### [Task statement]
A full, word-for-word copy of the listing below is needed; leave the images out of it.

### [Records supplied]
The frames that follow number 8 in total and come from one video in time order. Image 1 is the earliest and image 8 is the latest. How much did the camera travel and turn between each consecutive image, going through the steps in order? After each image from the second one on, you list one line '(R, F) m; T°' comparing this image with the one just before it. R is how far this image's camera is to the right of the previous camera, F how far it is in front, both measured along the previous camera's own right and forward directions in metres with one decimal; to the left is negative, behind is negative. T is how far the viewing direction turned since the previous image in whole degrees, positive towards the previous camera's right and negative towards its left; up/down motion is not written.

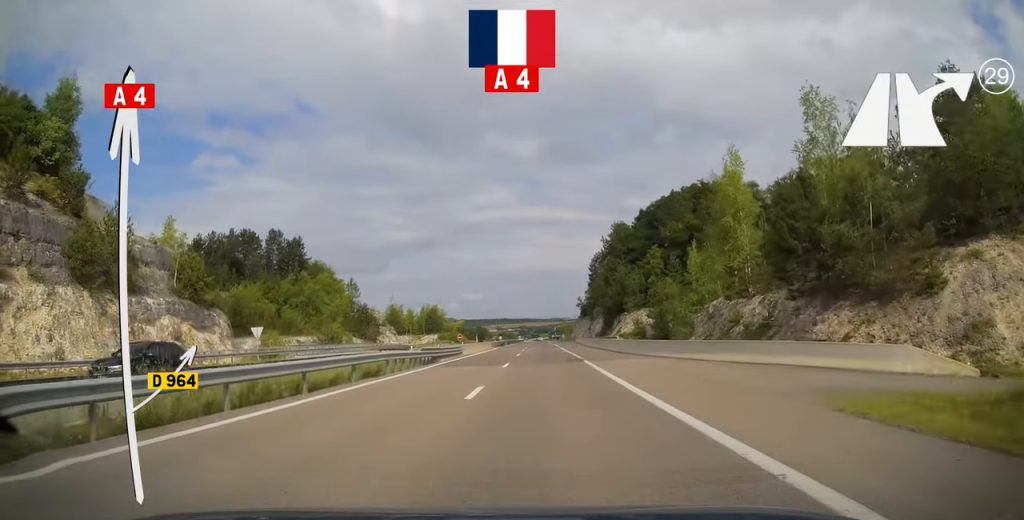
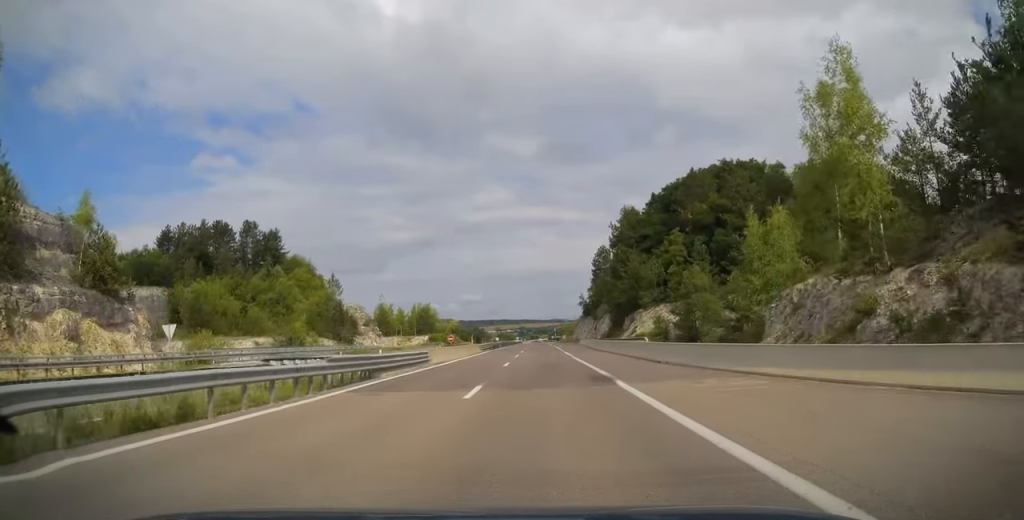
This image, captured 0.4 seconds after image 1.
(-0.2, +12.8) m; 0°
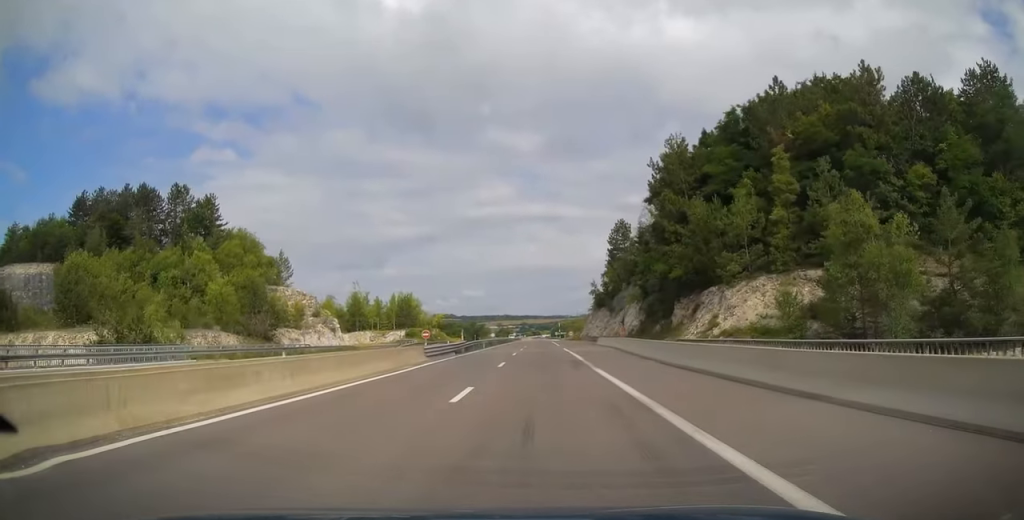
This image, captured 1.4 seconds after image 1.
(+0.3, +29.0) m; 0°
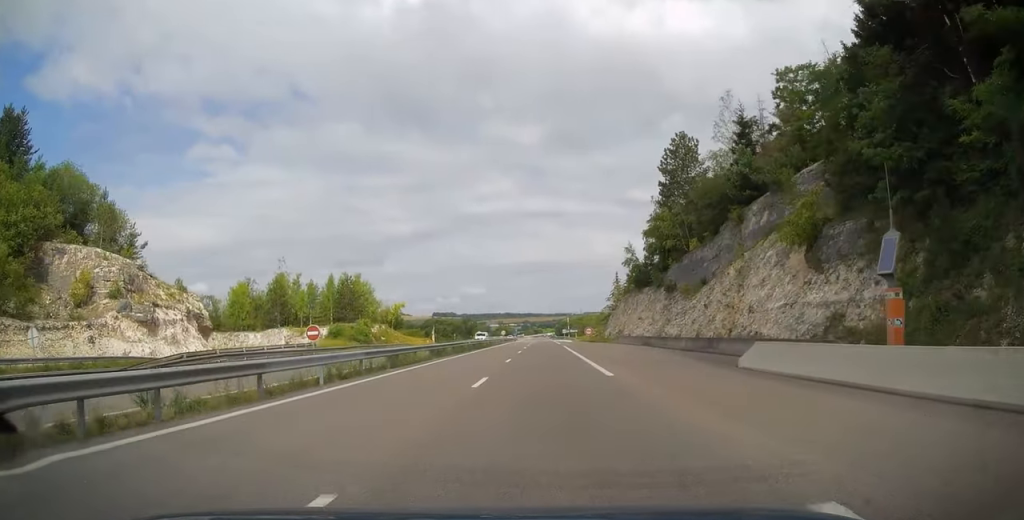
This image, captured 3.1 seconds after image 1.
(-0.7, +49.1) m; -1°
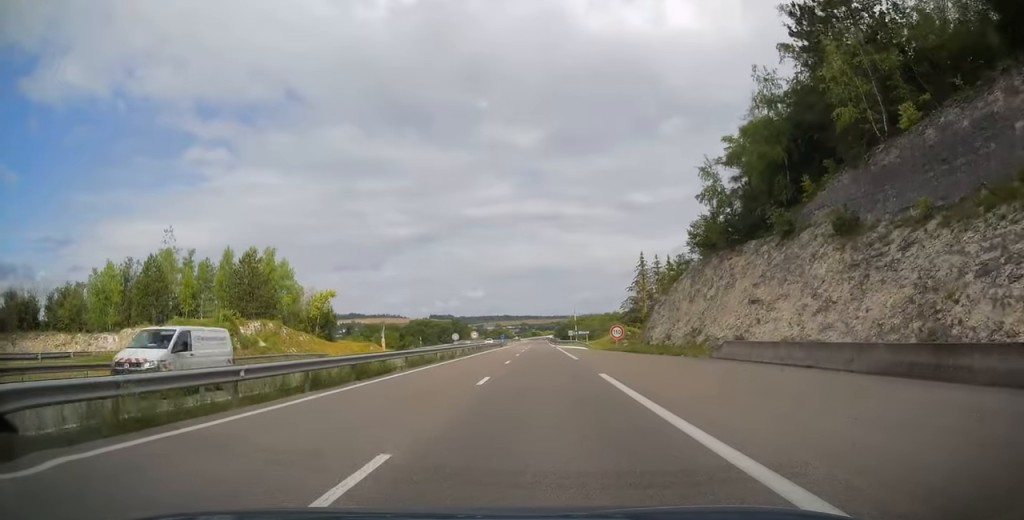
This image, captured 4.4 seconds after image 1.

### [Task answer]
The frames that follow number 8 in total and come from one video in time order. Image 1 is the earliest and image 8 is the latest. How much did the camera travel and turn between each consecutive image, going through the steps in order? After each image from the second one on, you list one line '(R, F) m; T°' comparing this image with the one just before it. R is how far this image's camera is to the right of the previous camera, F how far it is in front, both measured along the previous camera's own right and forward directions in metres with one decimal; to the left is negative, behind is negative. T is how far the viewing direction turned since the previous image in whole degrees, positive towards the previous camera's right and negative towards its left; up/down motion is not written.

This image, captured 0.4 seconds after image 1.
(-0.2, +12.8) m; 0°
This image, captured 1.4 seconds after image 1.
(+0.3, +29.0) m; 0°
This image, captured 3.1 seconds after image 1.
(-0.7, +49.1) m; -1°
This image, captured 4.4 seconds after image 1.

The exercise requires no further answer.